Я везде вижу двойников своего отца. Это не суеверие и не наивная надежда на то, что он все-таки жив. Он мертв, я сама была на его похоронах и первой бросила горсть степного песка на его темный гроб. В том, что он мертв, я не сомневаюсь, тем не менее повсюду ходят его двойники: коренастые мужчины в светлых дешевых рубашках с расстегнутыми верхними пуговицами. Они водят бюджетные машины, носят ключи, деньги и сигареты в нагрудном кармане. Они мало говорят. У них плохие зубы, их называют мужиками и работягами.
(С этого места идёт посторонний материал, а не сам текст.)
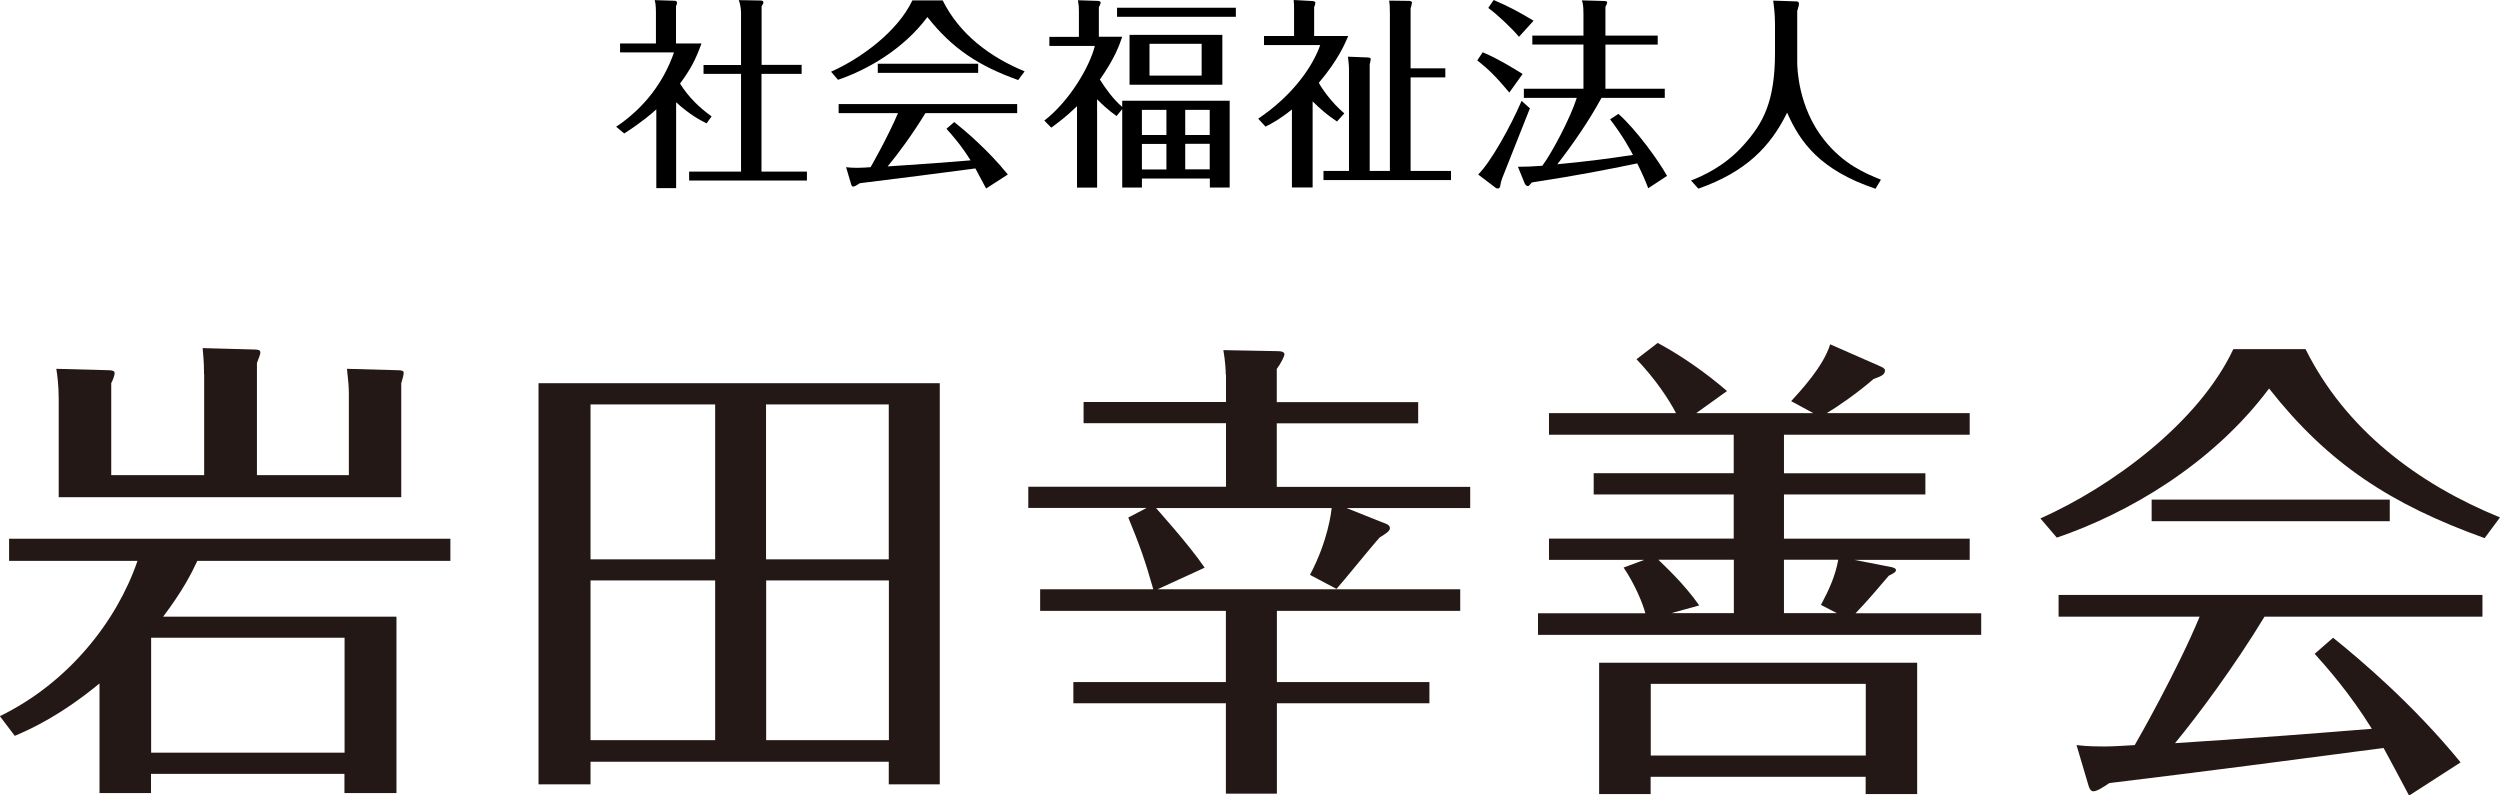 <?xml version="1.0" encoding="UTF-8"?><svg id="_レイヤー_2" xmlns="http://www.w3.org/2000/svg" viewBox="0 0 198 63"><defs><style>.cls-1{fill:#231815;}.cls-1,.cls-2{stroke-width:0px;}.cls-2{fill:#000;}</style></defs><g id="OGP_ログイン_など"><path class="cls-1" d="M31.4,48.83v13.98h-4.12v-1.52h-15.32v1.52h-4.08v-8.68c-3.05,2.51-5.37,3.58-6.71,4.15l-1.18-1.56c5.41-2.63,9.26-7.5,10.9-12.3H.72v-1.75h34.95v1.75H15.63c-.46.99-1.18,2.4-2.71,4.42h18.48ZM16.16,29.63c0-1.14-.08-1.52-.11-2.06l4.08.11c.3,0,.49.04.49.23,0,.15-.08.34-.27.84v8.88h7.28v-6.4c0-.65-.04-.95-.15-2.02l4,.11c.3,0,.49.04.49.19,0,.23-.08.46-.19.84v9.03H4.65v-7.77c0-1.07-.11-1.91-.19-2.4l4.12.11c.27,0,.5.04.5.23s-.15.57-.27.8v7.28h7.36v-8ZM27.29,59.61v-9.1h-15.32v9.1h15.32Z"/><path class="cls-1" d="M46.77,60.33v1.79h-4.12v-31.77h31.78v31.77h-4.04v-1.79h-23.63ZM56.64,44.3v-12.27h-9.87v12.27h9.87ZM56.64,58.62v-12.65h-9.87v12.65h9.87ZM70.39,44.3v-12.27h-9.72v12.27h9.72ZM60.68,45.97v12.65h9.72v-12.65h-9.72Z"/><path class="cls-1" d="M97.08,29.67c0-.34-.04-1.07-.19-1.94l4.23.08c.34,0,.61.04.61.27,0,.11-.27.69-.61,1.14v2.63h11.2v1.68h-11.2v5.03h15.32v1.68h-9.79l3.16,1.26c.19.08.27.19.27.34,0,.23-.38.46-.8.72-.57.61-2.93,3.54-3.43,4.08l-2.1-1.11c1.45-2.74,1.68-4.99,1.72-5.29h-13.91c.15.19,2.55,2.82,3.85,4.72l-3.73,1.71h23.97v1.71h-14.52v5.64h12.08v1.68h-12.08v7.16h-4.04v-7.16h-12.08v-1.68h12.08v-5.64h-14.71v-1.71h8.96c-.65-2.29-1.07-3.47-1.98-5.68l1.45-.76h-9.37v-1.68h15.66v-5.03h-11.28v-1.68h11.28v-2.17Z"/><path class="cls-1" d="M143.61,32.72l-1.75-.95c.76-.84,2.55-2.74,3.09-4.5l3.92,1.72c.23.11.42.19.42.34,0,.34-.27.46-.91.69-1.22,1.07-2.93,2.25-3.7,2.7h11.32v1.71h-14.71v3.05h11.2v1.68h-11.2v3.5h14.71v1.68h-9.15l2.93.57c.19.04.38.11.38.23,0,.15-.11.23-.57.46-.84.99-1.75,2.06-2.63,2.97h9.95v1.71h-35.1v-1.71h8.5c-.19-.76-.84-2.32-1.72-3.62l1.64-.61h-7.55v-1.68h14.63v-3.5h-11.09v-1.68h11.09v-3.05h-14.63v-1.71h10.06c-.53-1.03-1.6-2.67-3.13-4.27l1.68-1.29c1.91,1.03,3.81,2.36,5.49,3.81l-2.44,1.75h9.26ZM130.73,61.52v1.37h-4.08v-10.4h25.19v10.4h-4.08v-1.37h-17.03ZM147.77,59.84v-5.68h-17.03v5.68h17.03ZM137.32,48.56v-4.23h-5.98c.38.38,2.02,1.87,3.24,3.62l-2.21.61h4.95ZM141.29,44.33v4.23h4.19l-1.26-.65c.69-1.3,1.14-2.32,1.37-3.58h-4.31Z"/><path class="cls-1" d="M182.6,27.65c3.16,6.36,8.88,10.67,15.4,13.33l-1.22,1.64c-7.43-2.67-12.39-5.9-17.07-11.85-4.5,6.02-11.2,9.9-16.81,11.81l-1.3-1.52c5.64-2.51,12.54-7.58,15.28-13.41h5.72ZM184.78,50.51c2.13,1.71,6.33,5.26,10.1,9.87l-4.08,2.63c-1.07-2.02-1.22-2.29-2.02-3.77-7.81,1.03-13.91,1.83-21.72,2.78-.57.38-.99.65-1.26.65-.23,0-.34-.23-.46-.69l-.88-2.97c.42.04.84.11,2.21.11.84,0,1.79-.08,2.4-.11.23-.38,3.43-6.02,5.14-10.17h-11.17v-1.72h33.57v1.72h-17.26c-2.4,3.96-5.3,7.85-7.09,10.02,8.54-.57,9.45-.65,15.59-1.14-1.75-2.82-3.54-4.84-4.53-5.94l1.45-1.26ZM189.27,39.57v1.71h-18.86v-1.71h18.86Z"/><path class="cls-2" d="M55.96,9.77c-.58-.29-1.36-.71-2.41-1.67v6.8h-1.57v-6.24c-.32.3-1.11.99-2.54,1.91l-.64-.53c2.25-1.51,3.77-3.55,4.58-5.89h-4.27v-.71h2.84V.99c0-.58-.05-.8-.1-.98l1.59.05c.06,0,.18.03.18.16,0,.08-.02.13-.08.27v2.95h2.02c-.48,1.32-.85,2.01-1.7,3.18.66,1.06,1.51,1.89,2.5,2.6l-.4.55ZM63.49,5.15v.7h-3.18v7.74h3.6v.71h-9.33v-.71h4.11v-7.74h-2.97v-.7h2.97V1.09c0-.16,0-.61-.18-1.08l1.69.03c.06,0,.26,0,.26.14,0,.1-.03.13-.14.31v4.65h3.18Z"/><path class="cls-2" d="M74.66.03c1.33,2.68,3.74,4.49,6.49,5.62l-.51.69c-3.13-1.12-5.22-2.49-7.19-4.99-1.89,2.53-4.72,4.17-7.08,4.97l-.55-.64c2.38-1.06,5.28-3.19,6.44-5.65h2.41ZM75.57,9.66c.9.72,2.67,2.21,4.25,4.16l-1.72,1.11c-.45-.85-.51-.96-.85-1.59-3.29.43-5.86.77-9.15,1.17-.24.16-.42.27-.53.27-.1,0-.14-.1-.19-.29l-.37-1.25c.18.02.35.05.93.05.35,0,.75-.03,1.01-.05.1-.16,1.44-2.54,2.17-4.28h-4.7v-.72h14.14v.72h-7.27c-1.01,1.67-2.23,3.31-2.99,4.22,3.6-.24,3.98-.27,6.57-.48-.74-1.19-1.49-2.04-1.91-2.5l.61-.53ZM77.47,5.05v.72h-7.95v-.72h7.95Z"/><path class="cls-2" d="M88.88,7.98h8.51v6.87h-1.57v-.71h-5.38v.71h-1.56v-6.21l-.45.55c-.66-.47-1.17-.95-1.54-1.33v7h-1.59v-6.45c-.9.87-1.54,1.33-2.04,1.7l-.55-.56c2.07-1.6,3.63-4.38,4-5.91h-3.6v-.72h2.34V.93c0-.42,0-.45-.08-.91l1.56.05c.08,0,.24.02.24.14,0,.08-.05.18-.14.37v2.33h1.85c-.24.72-.63,1.77-1.77,3.39.47.75,1.09,1.59,1.77,2.17v-.48ZM97.88.61v.72h-9.41v-.72h9.41ZM96.81,6.71h-7.35v-3.95h7.35v3.95ZM92.38,10.69v-1.99h-1.94v1.99h1.94ZM92.38,13.42v-2.02h-1.94v2.02h1.94ZM95.17,3.47h-4.13v2.52h4.13v-2.52ZM95.81,10.69v-1.99h-1.94v1.99h1.94ZM93.87,11.39v2.02h1.94v-2.02h-1.94Z"/><path class="cls-2" d="M105.9,9.63c-.83-.56-1.28-.95-1.94-1.6v6.82h-1.64v-6.18c-.98.79-1.57,1.09-2.09,1.36l-.58-.63c2.79-1.88,4.34-4.19,4.91-5.83h-4.45v-.72h2.38V.87c0-.43,0-.55-.03-.87l1.46.08c.08,0,.26.03.26.14,0,.08-.05.24-.1.35v2.28h2.7c-.26.61-.77,1.86-2.33,3.71.21.4.96,1.52,2.02,2.42l-.58.64ZM110.08,13.54V1.06c0-.59-.02-.75-.06-1.01l1.62.02s.19.03.19.14c0,.08-.08.35-.11.45v4.75h2.75v.72h-2.75v7.41h3.2v.72h-10.1v-.72h2.02V5.52c0-.34-.03-.53-.08-1.03l1.57.06c.21.02.23.06.23.14,0,.06-.02.19-.08.39v8.46h1.61Z"/><path class="cls-2" d="M119.54,7.33c-1.04-1.24-1.61-1.81-2.54-2.55l.43-.64c1.33.55,3.05,1.65,3.16,1.72l-1.06,1.48ZM121.16,8.6c-.35.88-2.12,5.36-2.18,5.5-.1.26-.11.35-.16.62,0,.05-.05.21-.18.21-.06,0-.13,0-.24-.1l-1.33-1.01c.98-.95,2.57-3.8,3.44-5.83l.66.59ZM120.31,2.92c-.56-.67-1.75-1.8-2.44-2.29l.43-.63c1.27.55,1.88.88,3.16,1.64l-1.16,1.28ZM131.29,2.82v.71h-4.14v3.5h4.7v.72h-5.01c-1.01,1.85-2.22,3.6-3.5,5.26,2.79-.27,4.03-.45,5.99-.74-.19-.37-.77-1.46-1.81-2.82l.66-.43c1.4,1.24,3.16,3.67,3.85,4.91l-1.49.98c-.19-.5-.42-1.06-.87-1.97-2.47.51-4.7.95-8.35,1.51-.18.21-.23.29-.32.29-.06,0-.18-.08-.23-.18l-.55-1.35c.69,0,1-.02,1.93-.08.79-1.06,2.25-3.84,2.73-5.38h-4.19v-.72h4.72v-3.5h-4.05v-.71h4.05v-1.67c0-.77-.06-.93-.13-1.12l1.83.05s.18.02.18.11-.1.26-.14.35v2.28h4.14Z"/><path class="cls-2" d="M142.24.11c.08,0,.24,0,.24.21,0,.08-.02.13-.14.55v4.06c0,.42.06,3.56,2.14,6.16,1.53,1.93,3.29,2.66,4.49,3.14l-.43.72c-4.38-1.48-5.96-3.66-7-6.03-1.32,2.7-3.27,4.7-7.03,6.02l-.58-.64c.92-.37,2.67-1.12,4.19-2.84,1.49-1.67,2.46-3.37,2.46-7.27V1.93c0-.88-.1-1.54-.14-1.88l1.81.06Z"/></g></svg>

Если ты спросишь, кто больше всего похож на моего отца, я тебе отвечу: Иван Шлыков из фильма «Такси-блюз», не потому, что отец был таксистом в конце восьмидесятых и начале девяностых, и не потому, что у него была серая «Волга» с шашечками. Шлыков, как написано в Википедии, волевой, сильный человек советской закалки. Я все думала, как может «советская закалка» сочетаться с криминальным образом жизни и тюрьмой. Есть черно-белая фотография, на которой мой маленький отец стоит в солдатской пилотке у школьной доски и держит в руке небольшое древко, с которого свисает красный атласный флаг. На другой фотографии отец стоит рядом со своим дедом, моим прадедом, на Красной площади. Ему лет семь, они приехали смотреть дедушку Ленина. Спустя почти сорок лет он взял рейс на Москву, оставил Братана на стоянке у МКАДа и приехал на Красную площадь. Он сказал, что на Красной площади есть нулевой километр, мы нашли его у Воскресенских ворот. Он встал на бронзовую плашку и попросил меня его сфотографировать. Место, сказал он, откуда идет отсчет километража всех дорог. Иван Шлыков ничем не отличается от обыкновенного бандита. Он торгует водкой, редким продовольствием, а еще запугивает жену Селиверстова, чтобы та выдала, где музыкант. Он насилует Кристину, когда видит, что та в экстазе танцует под саксофон. Отец, когда мать ему изменила, бил ее о батарею так долго, что ее лицо превратилось в синюю мешанину, а потом несколько часов насиловал. Когда он закончил, он принес ей ведро с тряпкой и велел вымыть линолеум на кухне. Мне было лет восемь, и мне сказали, что родители попали в аварию. На лице матери не было живого места, а во рту недоставало нескольких зубов. На отце не было ни царапины. Странная авария, подумала я тогда. Все вокруг Шлыкова подчиняется его представлению о порядке. Его поступки не преступления, насилием он восстанавливает справедливость. Действия Шлыкова кажутся ему рациональными и верными, но я думаю, что его ведет темная рука. Нет границы между «советским человеком» и «криминальным образом жизни». Если она и есть, то она проходила по телу и сознанию моего отца. А одно оправдывало другое. Об этом неприятно думать. Но есть много неприятных вещей, о них приходится думать, чтобы понимать, почему мы есть и зачем мы такие.